-- Task to complete --
This exercise calls for every line of the data below with the string "འཕགས" in it.

Records contained in a dataset
━━━━━━━━━━━━━━━━━━━━━━━━━━━━━━

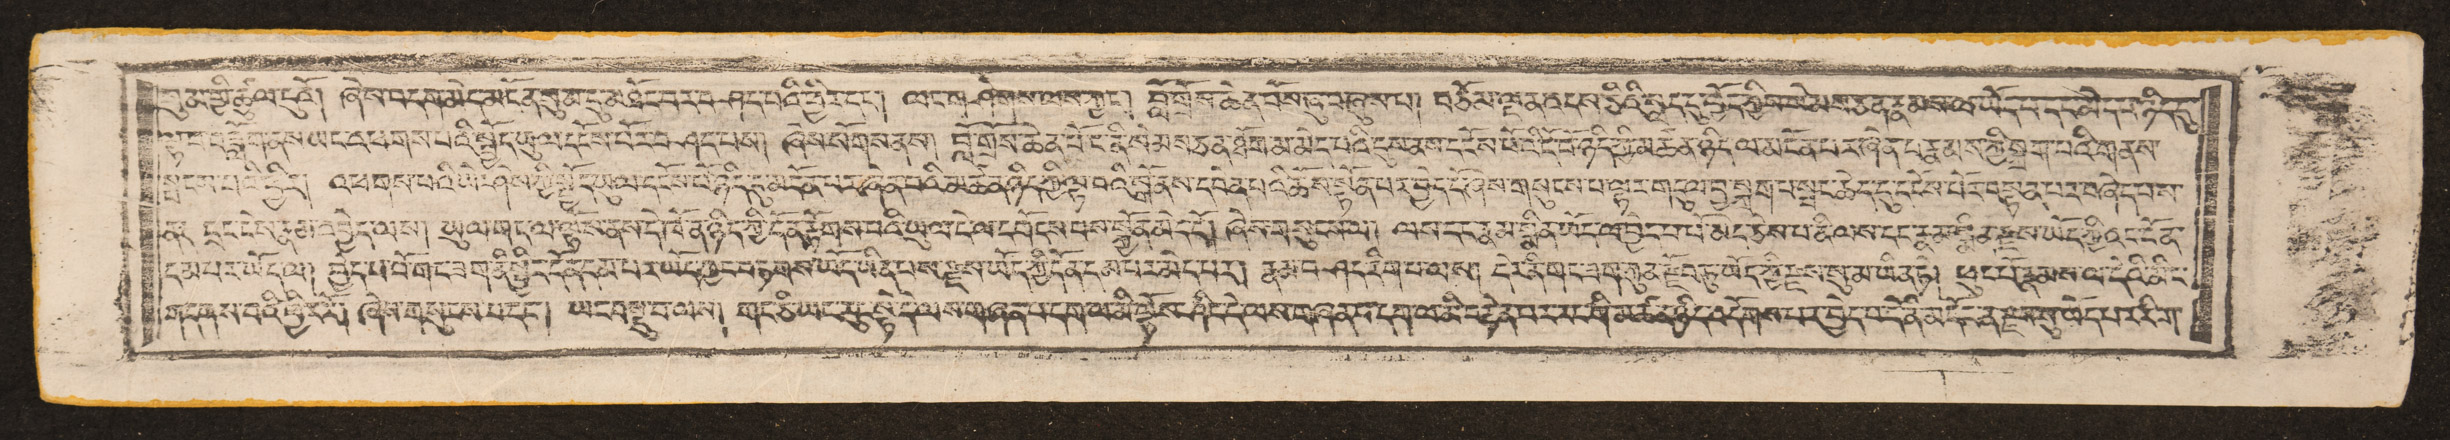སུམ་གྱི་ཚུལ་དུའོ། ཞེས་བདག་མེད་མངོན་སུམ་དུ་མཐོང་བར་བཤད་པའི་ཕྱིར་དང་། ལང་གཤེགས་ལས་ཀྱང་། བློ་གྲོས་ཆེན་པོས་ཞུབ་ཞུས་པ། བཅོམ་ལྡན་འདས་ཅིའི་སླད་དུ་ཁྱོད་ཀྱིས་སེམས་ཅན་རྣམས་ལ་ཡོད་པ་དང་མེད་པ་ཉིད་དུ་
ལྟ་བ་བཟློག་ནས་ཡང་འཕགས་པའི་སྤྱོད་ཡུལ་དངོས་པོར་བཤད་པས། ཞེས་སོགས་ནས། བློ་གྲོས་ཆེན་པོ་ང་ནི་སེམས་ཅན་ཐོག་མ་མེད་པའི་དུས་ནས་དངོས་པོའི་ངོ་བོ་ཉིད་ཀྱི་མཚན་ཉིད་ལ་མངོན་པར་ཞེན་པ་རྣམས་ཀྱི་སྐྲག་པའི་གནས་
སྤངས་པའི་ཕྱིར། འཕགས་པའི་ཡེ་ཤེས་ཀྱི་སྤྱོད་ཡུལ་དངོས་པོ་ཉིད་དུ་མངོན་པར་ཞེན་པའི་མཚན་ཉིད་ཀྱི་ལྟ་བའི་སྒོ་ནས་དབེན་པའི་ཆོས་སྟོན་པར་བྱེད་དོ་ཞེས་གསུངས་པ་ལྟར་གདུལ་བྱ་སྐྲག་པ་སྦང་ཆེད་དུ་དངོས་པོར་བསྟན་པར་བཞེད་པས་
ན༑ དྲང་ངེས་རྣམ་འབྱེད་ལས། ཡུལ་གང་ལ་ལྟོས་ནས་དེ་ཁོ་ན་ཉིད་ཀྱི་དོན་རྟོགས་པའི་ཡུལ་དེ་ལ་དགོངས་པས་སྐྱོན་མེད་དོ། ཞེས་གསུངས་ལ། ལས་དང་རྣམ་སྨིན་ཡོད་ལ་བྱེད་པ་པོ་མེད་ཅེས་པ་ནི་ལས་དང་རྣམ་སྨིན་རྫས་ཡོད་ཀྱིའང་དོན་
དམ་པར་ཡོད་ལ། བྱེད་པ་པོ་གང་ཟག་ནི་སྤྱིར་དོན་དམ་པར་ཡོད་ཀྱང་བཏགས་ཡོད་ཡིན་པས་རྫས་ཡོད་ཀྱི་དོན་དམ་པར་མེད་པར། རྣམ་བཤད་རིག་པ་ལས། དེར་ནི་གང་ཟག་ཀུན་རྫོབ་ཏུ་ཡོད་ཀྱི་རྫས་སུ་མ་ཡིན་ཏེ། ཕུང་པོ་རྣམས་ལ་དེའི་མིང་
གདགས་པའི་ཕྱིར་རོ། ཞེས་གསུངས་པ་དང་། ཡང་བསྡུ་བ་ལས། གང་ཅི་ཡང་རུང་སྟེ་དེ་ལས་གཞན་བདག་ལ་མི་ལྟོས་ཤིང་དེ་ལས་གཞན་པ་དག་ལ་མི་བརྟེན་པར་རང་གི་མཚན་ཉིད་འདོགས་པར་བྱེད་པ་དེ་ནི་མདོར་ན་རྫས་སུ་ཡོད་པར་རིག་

━━━━━━━━━━━━━━━━━━━━━━━━━━━━━━

-- Response to the exercise --
ལྟ་བ་བཟློག་ནས་ཡང་འཕགས་པའི་སྤྱོད་ཡུལ་དངོས་པོར་བཤད་པས། ཞེས་སོགས་ནས། བློ་གྲོས་ཆེན་པོ་ང་ནི་སེམས་ཅན་ཐོག་མ་མེད་པའི་དུས་ནས་དངོས་པོའི་ངོ་བོ་ཉིད་ཀྱི་མཚན་ཉིད་ལ་མངོན་པར་ཞེན་པ་རྣམས་ཀྱི་སྐྲག་པའི་གནས་
སྤངས་པའི་ཕྱིར། འཕགས་པའི་ཡེ་ཤེས་ཀྱི་སྤྱོད་ཡུལ་དངོས་པོ་ཉིད་དུ་མངོན་པར་ཞེན་པའི་མཚན་ཉིད་ཀྱི་ལྟ་བའི་སྒོ་ནས་དབེན་པའི་ཆོས་སྟོན་པར་བྱེད་དོ་ཞེས་གསུངས་པ་ལྟར་གདུལ་བྱ་སྐྲག་པ་སྦང་ཆེད་དུ་དངོས་པོར་བསྟན་པར་བཞེད་པས་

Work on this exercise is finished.